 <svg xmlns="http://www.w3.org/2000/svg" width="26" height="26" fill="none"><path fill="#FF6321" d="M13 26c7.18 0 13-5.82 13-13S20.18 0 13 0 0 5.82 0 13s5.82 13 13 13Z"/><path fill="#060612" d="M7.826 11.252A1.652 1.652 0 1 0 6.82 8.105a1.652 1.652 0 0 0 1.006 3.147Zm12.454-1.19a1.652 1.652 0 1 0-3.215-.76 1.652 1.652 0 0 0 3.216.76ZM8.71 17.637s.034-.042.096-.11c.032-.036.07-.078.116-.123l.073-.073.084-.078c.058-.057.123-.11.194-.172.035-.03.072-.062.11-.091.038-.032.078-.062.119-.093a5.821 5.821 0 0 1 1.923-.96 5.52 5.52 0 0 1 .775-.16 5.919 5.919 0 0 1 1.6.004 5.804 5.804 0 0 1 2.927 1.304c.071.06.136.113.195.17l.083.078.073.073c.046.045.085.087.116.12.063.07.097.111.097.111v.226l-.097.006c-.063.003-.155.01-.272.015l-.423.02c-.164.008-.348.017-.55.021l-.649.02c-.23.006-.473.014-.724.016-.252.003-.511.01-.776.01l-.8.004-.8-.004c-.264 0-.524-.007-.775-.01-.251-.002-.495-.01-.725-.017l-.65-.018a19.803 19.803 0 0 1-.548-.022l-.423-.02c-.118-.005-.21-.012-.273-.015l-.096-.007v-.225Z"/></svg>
+---+
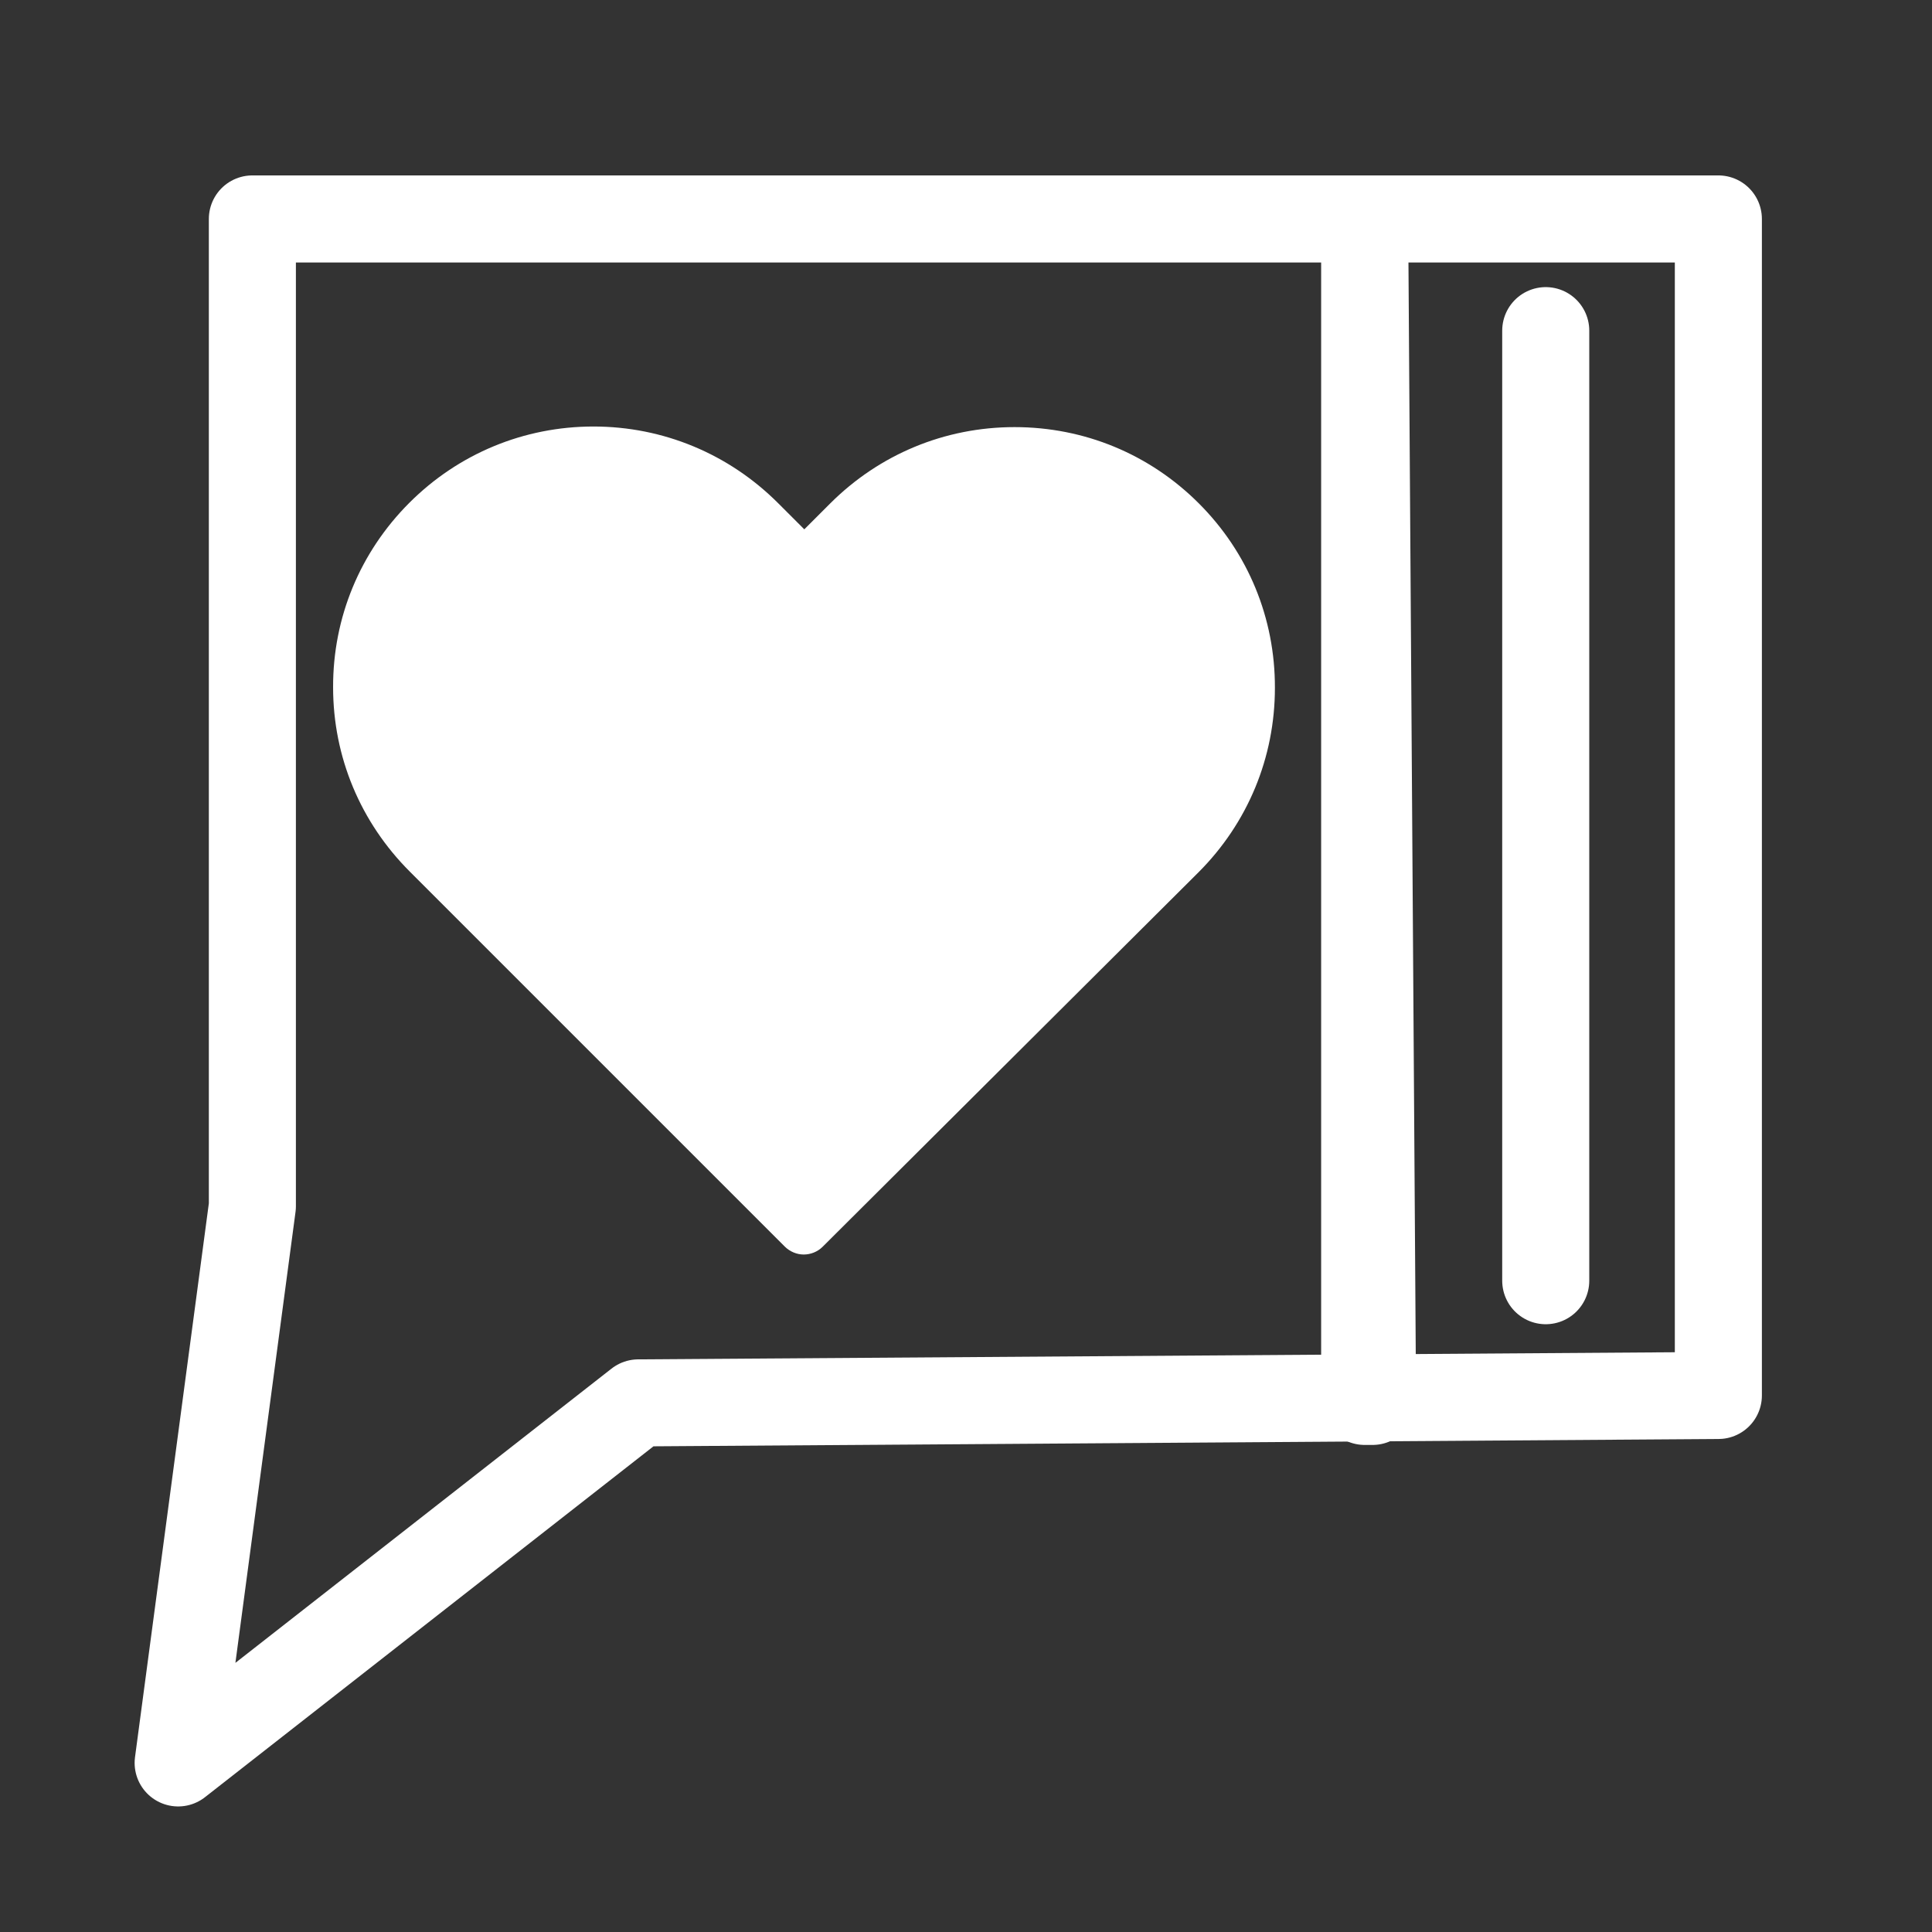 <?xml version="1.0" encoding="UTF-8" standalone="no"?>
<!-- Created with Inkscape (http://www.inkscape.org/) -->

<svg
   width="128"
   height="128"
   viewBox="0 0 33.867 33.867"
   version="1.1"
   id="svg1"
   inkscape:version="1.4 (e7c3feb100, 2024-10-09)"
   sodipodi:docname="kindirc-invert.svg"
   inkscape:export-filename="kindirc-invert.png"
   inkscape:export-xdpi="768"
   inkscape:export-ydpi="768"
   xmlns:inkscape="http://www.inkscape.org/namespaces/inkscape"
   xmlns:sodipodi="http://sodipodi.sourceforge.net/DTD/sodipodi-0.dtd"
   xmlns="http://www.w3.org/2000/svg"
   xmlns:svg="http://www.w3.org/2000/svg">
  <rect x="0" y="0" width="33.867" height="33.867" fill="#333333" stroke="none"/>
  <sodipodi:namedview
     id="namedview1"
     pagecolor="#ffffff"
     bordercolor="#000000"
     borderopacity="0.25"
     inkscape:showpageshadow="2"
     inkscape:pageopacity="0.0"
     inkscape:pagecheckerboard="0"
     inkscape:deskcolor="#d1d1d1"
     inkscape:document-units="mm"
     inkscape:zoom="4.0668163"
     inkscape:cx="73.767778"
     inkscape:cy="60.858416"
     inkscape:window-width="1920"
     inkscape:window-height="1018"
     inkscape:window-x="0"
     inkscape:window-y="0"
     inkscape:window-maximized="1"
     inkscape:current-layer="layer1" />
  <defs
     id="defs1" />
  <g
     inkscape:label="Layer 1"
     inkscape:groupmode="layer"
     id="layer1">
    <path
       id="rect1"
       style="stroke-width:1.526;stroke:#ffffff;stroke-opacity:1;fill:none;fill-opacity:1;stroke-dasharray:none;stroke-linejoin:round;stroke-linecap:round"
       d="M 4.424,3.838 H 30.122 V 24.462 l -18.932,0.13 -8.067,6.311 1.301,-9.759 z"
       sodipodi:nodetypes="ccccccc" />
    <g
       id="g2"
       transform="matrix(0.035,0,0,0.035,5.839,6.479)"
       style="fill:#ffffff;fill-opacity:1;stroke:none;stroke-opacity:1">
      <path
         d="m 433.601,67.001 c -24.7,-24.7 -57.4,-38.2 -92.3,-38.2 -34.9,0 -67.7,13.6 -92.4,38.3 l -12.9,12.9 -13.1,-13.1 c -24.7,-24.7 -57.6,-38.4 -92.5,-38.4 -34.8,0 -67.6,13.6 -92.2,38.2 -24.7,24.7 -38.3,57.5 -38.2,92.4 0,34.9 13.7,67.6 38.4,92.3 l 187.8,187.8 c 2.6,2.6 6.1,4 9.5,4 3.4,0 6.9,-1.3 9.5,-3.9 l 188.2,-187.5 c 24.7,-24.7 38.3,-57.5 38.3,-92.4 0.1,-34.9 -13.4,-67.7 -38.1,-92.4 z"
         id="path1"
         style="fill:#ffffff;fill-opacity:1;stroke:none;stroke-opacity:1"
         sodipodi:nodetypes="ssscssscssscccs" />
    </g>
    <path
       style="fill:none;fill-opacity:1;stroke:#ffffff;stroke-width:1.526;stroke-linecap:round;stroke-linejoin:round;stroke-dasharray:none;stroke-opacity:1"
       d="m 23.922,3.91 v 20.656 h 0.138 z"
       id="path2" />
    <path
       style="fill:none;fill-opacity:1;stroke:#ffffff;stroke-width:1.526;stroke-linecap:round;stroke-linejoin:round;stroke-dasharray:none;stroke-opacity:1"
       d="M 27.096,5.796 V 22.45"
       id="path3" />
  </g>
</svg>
+---+
__EXERCISE GOAL__. Lines holding the word "export" are the answer; copy each one from the records above.

__ANSWER SECTION__.
   inkscape:export-filename="kindirc-invert.png"
   inkscape:export-xdpi="768"
   inkscape:export-ydpi="768"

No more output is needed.